Und bis ihm die Gerichte in der Sache Recht geben, ist das Kind fünf Jahre alt und nichts ist gewonnen. So ähnlich läuft es auch, wenn das Jugendamt Kinder klaut und in Pflegefamilien unterbringt. Die Eltern klagen dann und gewinnen nach zwei Jahren den Prozeß, dann aber argumentiert ein weiterer Richter, dass das Kindswohl nach so langer Zeit gefährdet wäre, nähme man es wieder aus der Pflegefamilie raus. Lange Nase, Osterhase. Willkür siegt.

Das Sorgerecht wird völlig überbewertet

herdplatte, Friday, 06.08.2010, 15:51 (vor 5638 Tagen) @ Referatsleiter 408

Das Sorgerecht hat in der Praxis kaum Relevanz. Nur in den Fällen:

- Schuleinschreibung (jedoch nur theoretische Relevanz)
- Operation (echte Relevanz, da der Doktor Angst hat, daß er am Schluß Schuld ist, d. h. beide Sorgeberechtigten müssen unterschreiben)
- Namensgebung (echte Relevanz kraft Gesetzes, weiß einen Fall eines Bekannten, hat unterschrieben zur Nachnamenänderung)

Berichte aus der Praxis:
Ich habe das Sorgerecht, wurde aber bei Schuleinschreibung, Kindergarteneinschreibung, Horteinschreibung nie gefragt. Habe danach mal Radau in der Schule gemacht und durfte wenigstens noch nachträglich unterschreiben. :-)

Nur einmal bei einer beabsichtigten Operation (ein Doktor wollte seine Praxis auf Kosten meines Kindes ein bißchen finanziell besserstellen und hat IHR die Notwendigkeit der Operation erfolgreich eingeredet) habe ich mich erfolgreich dagegenstellen können. Die Operation wurde nicht vorgenommen, das Kind hatte nie Probleme gesundheitlicher Art (ist zwei Jahre her). Sie ist mir heute dankbar, hatte aber damals ihren Anwalt auf mich gehetzt...
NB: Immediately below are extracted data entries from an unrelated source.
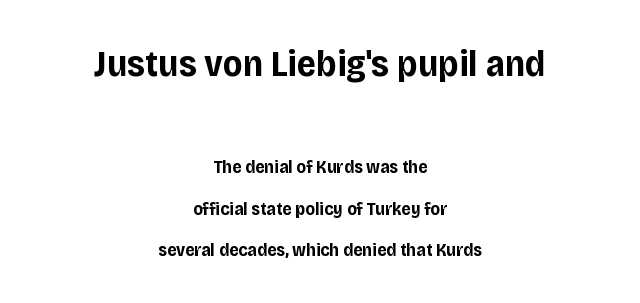
Q: Is the text bold? A: Yes.
Q: Is the text italic (slanted)? A: No, it is upright.
Q: Is the typeface a serif or a sans-serif typeface? A: Sans-serif.
Q: Is the text underlined? A: No.
Q: How is the paragraph aligned? A: Centered.
Q: Is the spacing between letters normal or unusually wide? A: Normal.
Q: Is the spacing between lines tight, normal or loose? A: Loose.
Q: Which block of text is set in a larger size, the first (top) or the second (bottom)? A: The first (top) one.
Q: Width (condensed, normal, or wide)? A: Normal.
Q: Stroke contrast? A: Low.
Q: x-height? A: Large.
Q: Monospaced? A: No.
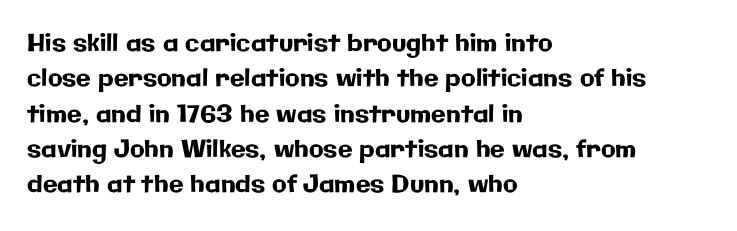
The image shows 24 px text type, upright; set left-aligned, normal line spacing (1.47x), normal letter spacing, not underlined.
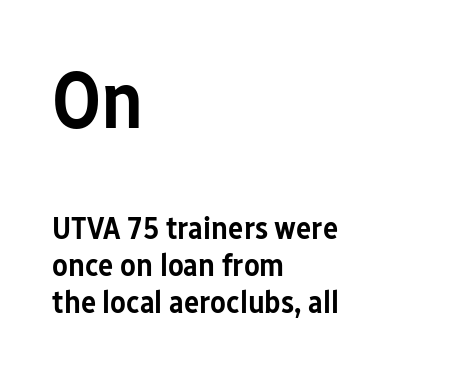
{"serif": "no", "italic": "no", "bold": "semi", "weight": "semibold", "width": "condensed", "stroke_contrast": "low", "x_height": "medium", "monospaced": "no", "underline": "no", "align": "left", "line_spacing": "tight", "line_spacing_ratio": 1.15, "letter_spacing": "normal", "letter_spacing_em": 0.0, "larger_block": "first", "size_ratio": 2.5, "glyph_px": 80}
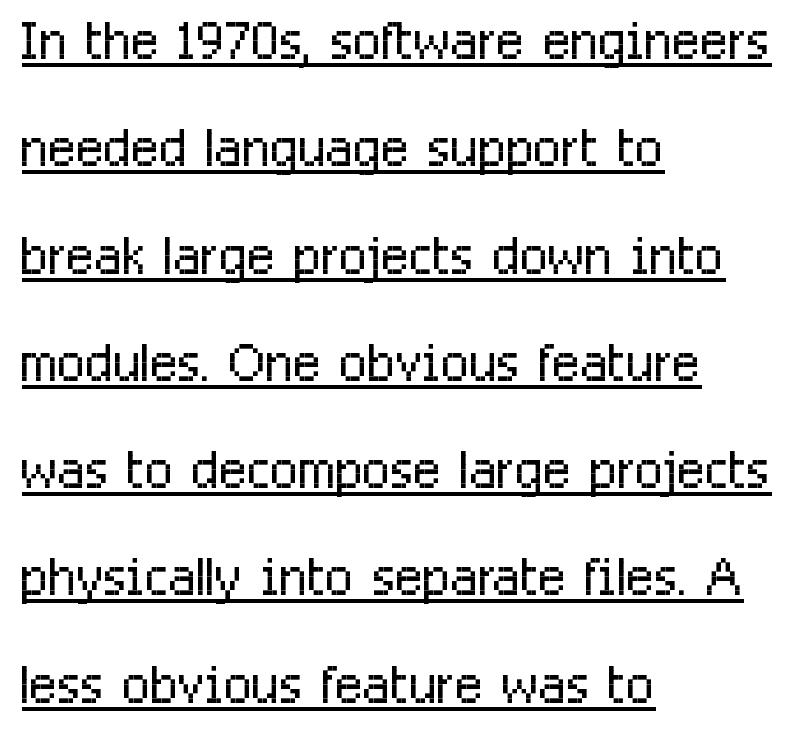
Q: Is the text bold? A: No.
Q: Is the text italic (slanted)? A: No, it is upright.
Q: Is the typeface a serif or a sans-serif typeface? A: Sans-serif.
Q: Is the text underlined? A: Yes.
Q: How is the paragraph aligned? A: Left-aligned.
Q: Is the spacing between letters normal or unusually wide? A: Normal.
Q: Is the spacing between lines tight, normal or loose? A: Normal.
Q: Width (condensed, normal, or wide)? A: Condensed.
Q: Stroke contrast? A: Low.
Q: x-height? A: Medium.
Q: Monospaced? A: No.
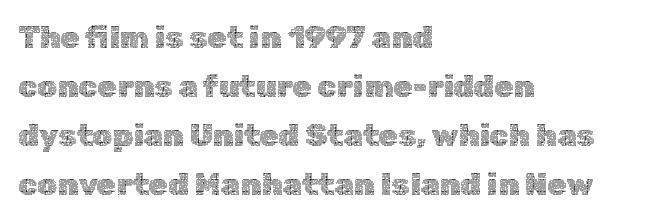
Short note: letters normally spaced. The rag falls on the right side of this text block. The strokes carry an ordinary text weight at most. Italic? Not at all — the glyphs are vertical. A clean baseline with only descenders dipping below it.
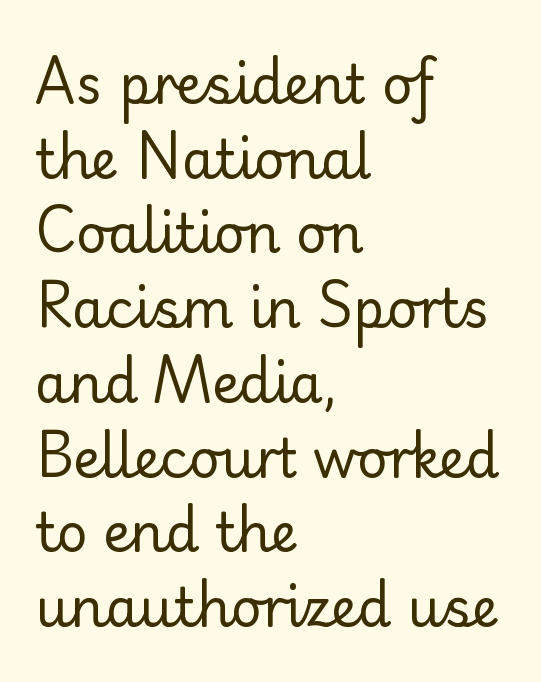
Beneath every word, the page is bare. The letters sit at their default tracking, neither squeezed nor spread. Notice how the stems are strictly vertical — no italics here. This block has exactly the height ordinary leading produces. The passage shown is typeset with a sans-serif family.
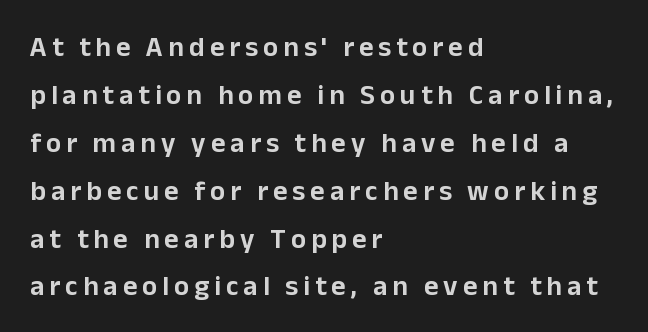
Q: Is the text italic (slanted)? A: No, it is upright.
Q: Is the typeface a serif or a sans-serif typeface? A: Sans-serif.
Q: Is the text underlined? A: No.
Q: How is the paragraph aligned? A: Left-aligned.
Q: Width (condensed, normal, or wide)? A: Normal.
Q: Stroke contrast? A: Low.
Q: x-height? A: Medium.
Q: Monospaced? A: No.
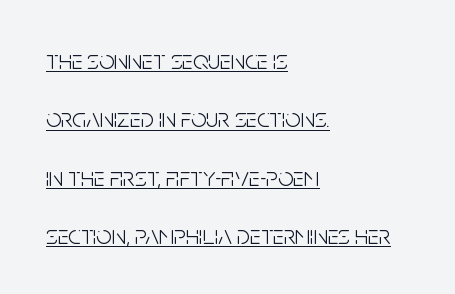
Q: Is the text bold? A: No.
Q: Is the text italic (slanted)? A: No, it is upright.
Q: Is the text underlined? A: Yes.
Q: How is the paragraph aligned? A: Left-aligned.
Q: Is the spacing between letters normal or unusually wide? A: Normal.
Q: Is the spacing between lines tight, normal or loose? A: Loose.
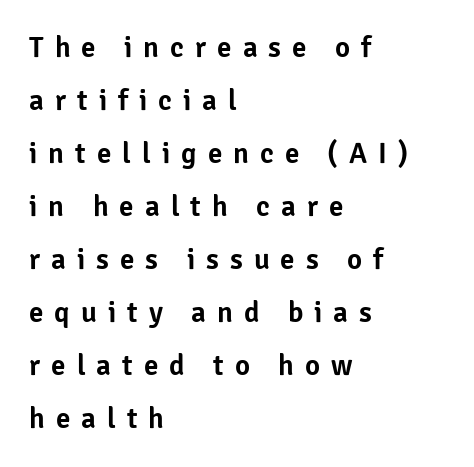
These lines are rendered in a variable-pitch font. Ascenders rise straight up at ninety degrees. Display-style spreading of the glyphs; the letterfit is very open. Descenders hang freely into open space. Nope, no serifs anywhere on these letters.
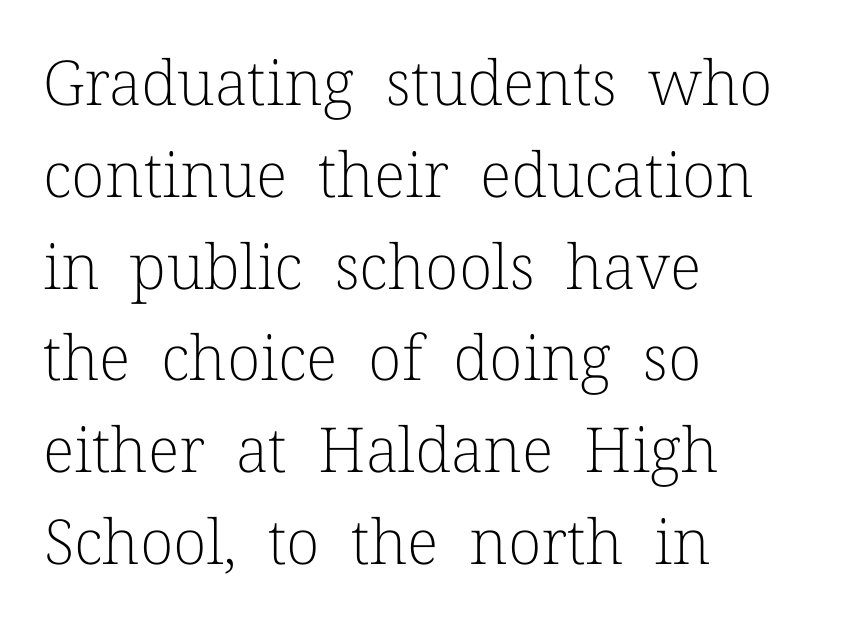
{"serif": "yes", "italic": "no", "bold": "no", "weight": "light", "width": "normal", "stroke_contrast": "low", "x_height": "medium", "monospaced": "no", "underline": "no", "align": "left", "line_spacing": "normal", "line_spacing_ratio": 1.48, "letter_spacing": "normal", "letter_spacing_em": 0.0, "glyph_px": 62}
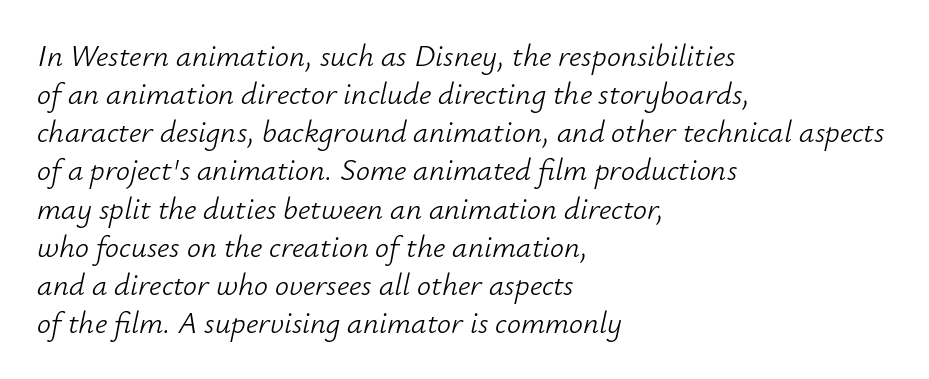
Q: Is the text bold? A: No.
Q: Is the text italic (slanted)? A: Yes, it leans right by about 12 degrees.
Q: Is the text underlined? A: No.
Q: How is the paragraph aligned? A: Left-aligned.
Q: Is the spacing between letters normal or unusually wide? A: Normal.
Q: Width (condensed, normal, or wide)? A: Normal.
Q: Stroke contrast? A: Low.
Q: x-height? A: Small.
Q: Monospaced? A: No.
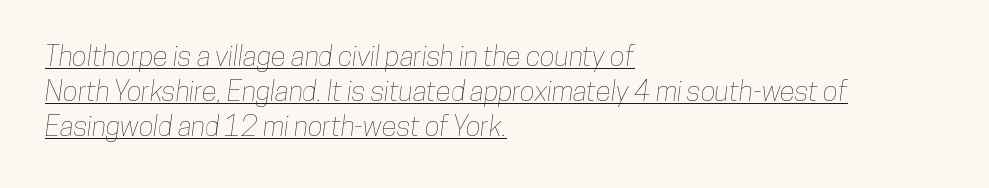
Q: Is the text underlined? A: Yes.
Q: How is the paragraph aligned? A: Left-aligned.
Q: Is the spacing between letters normal or unusually wide? A: Normal.
Q: Is the spacing between lines tight, normal or loose? A: Normal.
Q: Width (condensed, normal, or wide)? A: Condensed.
Q: Stroke contrast? A: Low.
Q: x-height? A: Medium.
Q: Monospaced? A: No.

MedienHype um das Sorgerecht! Und was ist mit dem Umgang?

der_quixote, Absurdistan, Saturday, 07.08.2010, 01:40 (vor 5638 Tagen) @ Referatsleiter 408

Ebend!

Ich weise immer wieder darauf hin, dass man sich mit dem GSR den Arsch auswischen kann, wenn der Umgang vereitelt wird.

Neben der Kind-Vater Entfremdung ist der Vater auch irgendwann so entfremdet, dass Er sich nicht mehr traut, zu dem Heranwachsenden Bzw. Herangewachsenem Kind Kontakt aufzunehmen.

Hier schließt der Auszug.